The last couple days I was at a conference where people snapped their fingers repeatedly and rapidly, rather than clapping. I understood it as a less noisy alternative. There was also clapping, and I think the clapping was meant to be more emphatic than the snapping. Most often people were snapping to indicate approval of a specific point the speaker was making during the talk, rather than to indicate general approval of the speaker after the talk ended, and I wondered if the intent was to show approval without making it so hard to hear the next thing the speaker was saying. This was at a conference of trans* people, and I don’t think I’ve heard this in any other audience, but I heard it in each of five different seminars at this conference.
Is this common? How new is it? Do I understand the intent right? Is this specific to any group or context?
Not an official source/cite, but my friends do this (the snapping) at parties instead of raucous applause/cheering when the police have been called on us already because of noise complaints.

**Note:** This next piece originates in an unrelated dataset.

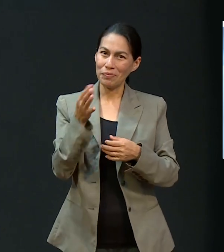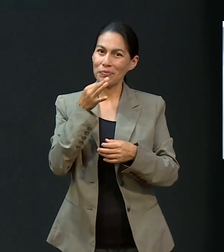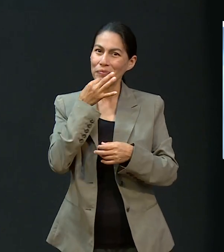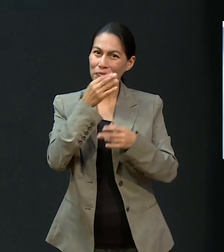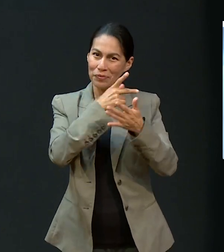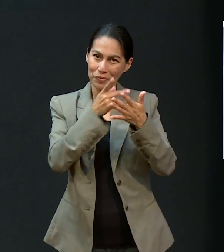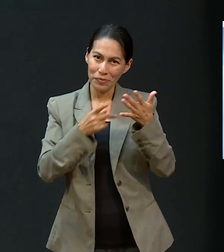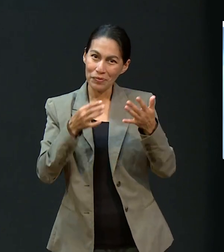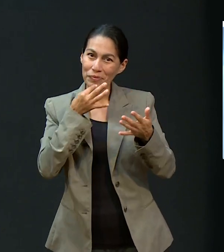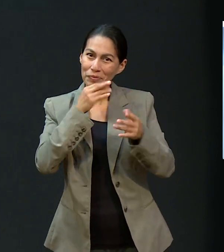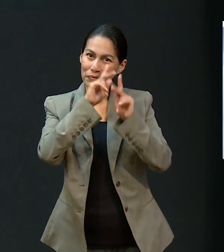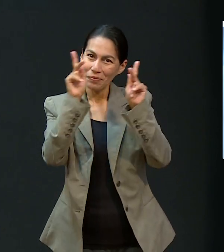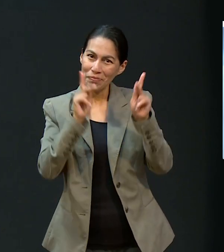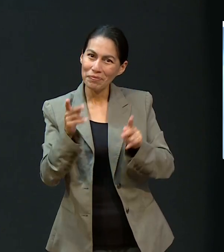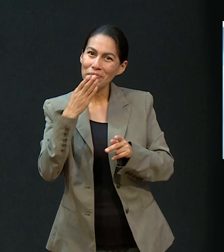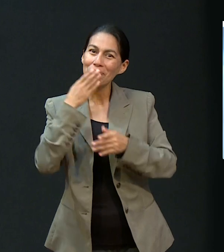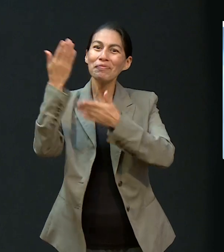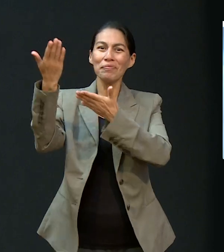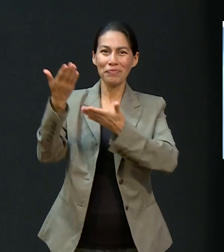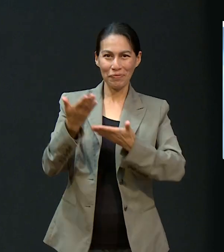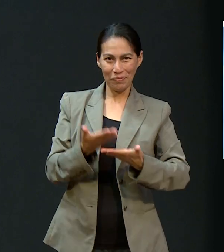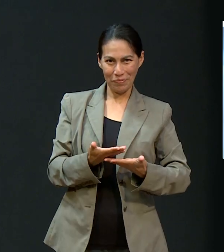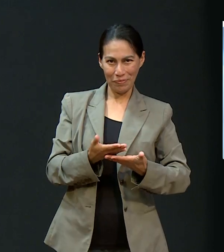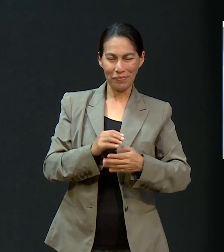Dios, bienvenidos a Un Momento de Paz.

I saw a comedy skit on one of the many variety shows back in the early 1960s that included a scene with an audience in a jazz club snapping instead of clapping for a poet. It was intended to make fun of beatniks with their cooler than thou attitude. Looks like the new hipster generation can’t separate satire from reality.
I was at a college board meeting a few weeks ago where the students present snapped their fingers in approval. I assumed it had been decided that this was below a threshold of disruptiveness that would have caused the chair to clear them from the room.